Director – Nathan Juran, Screenplay – Nigel Kneale & Jan Read, Based on the Novel by H.G. Wells, Producer – Charles H. Schneer, Photography – Wilkie Cooper, Music – Laurie Johnson, Visual Effects – Ray Harryhausen, Special Effects – Kit West, Art Director – John Blezard. Production Company – Ameran.
Lionel Jeffries (Professor Joseph Cavor), Edward Judd (Arnold Bedford), Martha Hyer (Katherine Calender)
A UN expedition makes the first manned Moon landing in 1964. Instead, they discover a British flag and a summons for a Katherine Calender that is dated 1899 on the surface and realize that they are not the first there. The late Katherine Calender’s husband Arnold Bedford is tracked down in a geriatric home. He tells how his neighbour, scientist Arnold Cavor, discovered a metal capable of shielding the effects of gravity. Coating a sphere with the metal and using shutters to control direction, Cavor, Bedford and Katherine were able to escape Earth’s gravity field and travel to the Moon. On the Moon, they encountered and were made prisoners by a race of three-foot tall Selenites.
The First Men in the Moon (1901) was one of H.G. Wells’s lesser known classics, a book where Wells used the theme of lunar exploration to create a nightmare parable about ergonomics and adaptive evolution. The story was stolen and never credited by Georges Melies for the basis of his seminal science-fiction film A Trip to the Moon (1902), albeit given a much lighter treatment than Wells did. The story was also filmed in Britain as The First Men in the Moon (1919), although this version has been lost today and does not even exist as stills any longer.

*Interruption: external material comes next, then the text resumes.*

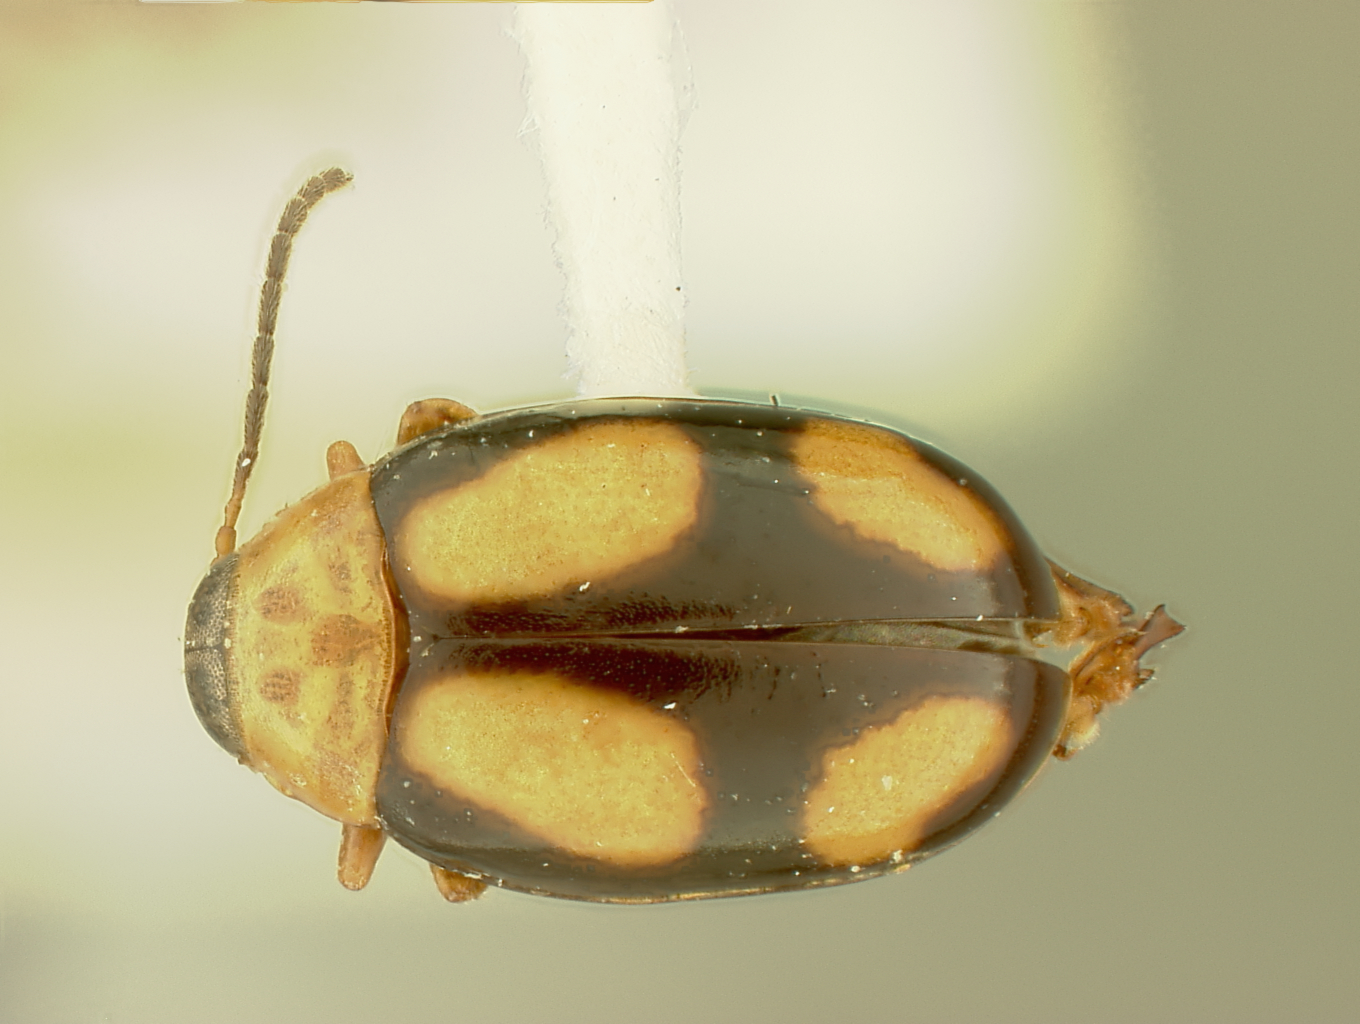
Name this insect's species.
Megistops costaricensis

So it remains to this to offer a definitive version of the story although, as it transpires, by no means any more serious a one than Melies’s burlesque version, which had the ship being loaded into a cannon by dancing girls. Certainly, there is little to be seen here of H.G. Wells’s social parable and exploration of the idea of how a society might be formed along the lines of an insect hive.
The First Men in the Moon was mounted by American stop-motion animator Ray Harryhausen and his producer Charles H. Schneer, who had just come from acclaimed classics such as The 7th Voyage of Sinbad (1958) and Jason and the Argonauts (1963). (See the bottom of the page for Ray Harryhausen’s other films). The script was adapted by Nigel Kneale, the British writer who attained fame in the 1950s for his Quatermass tv plays and the Hammer films adapted from these. [See The Quatermass Xperiment/The Creeping Unknown (1955)].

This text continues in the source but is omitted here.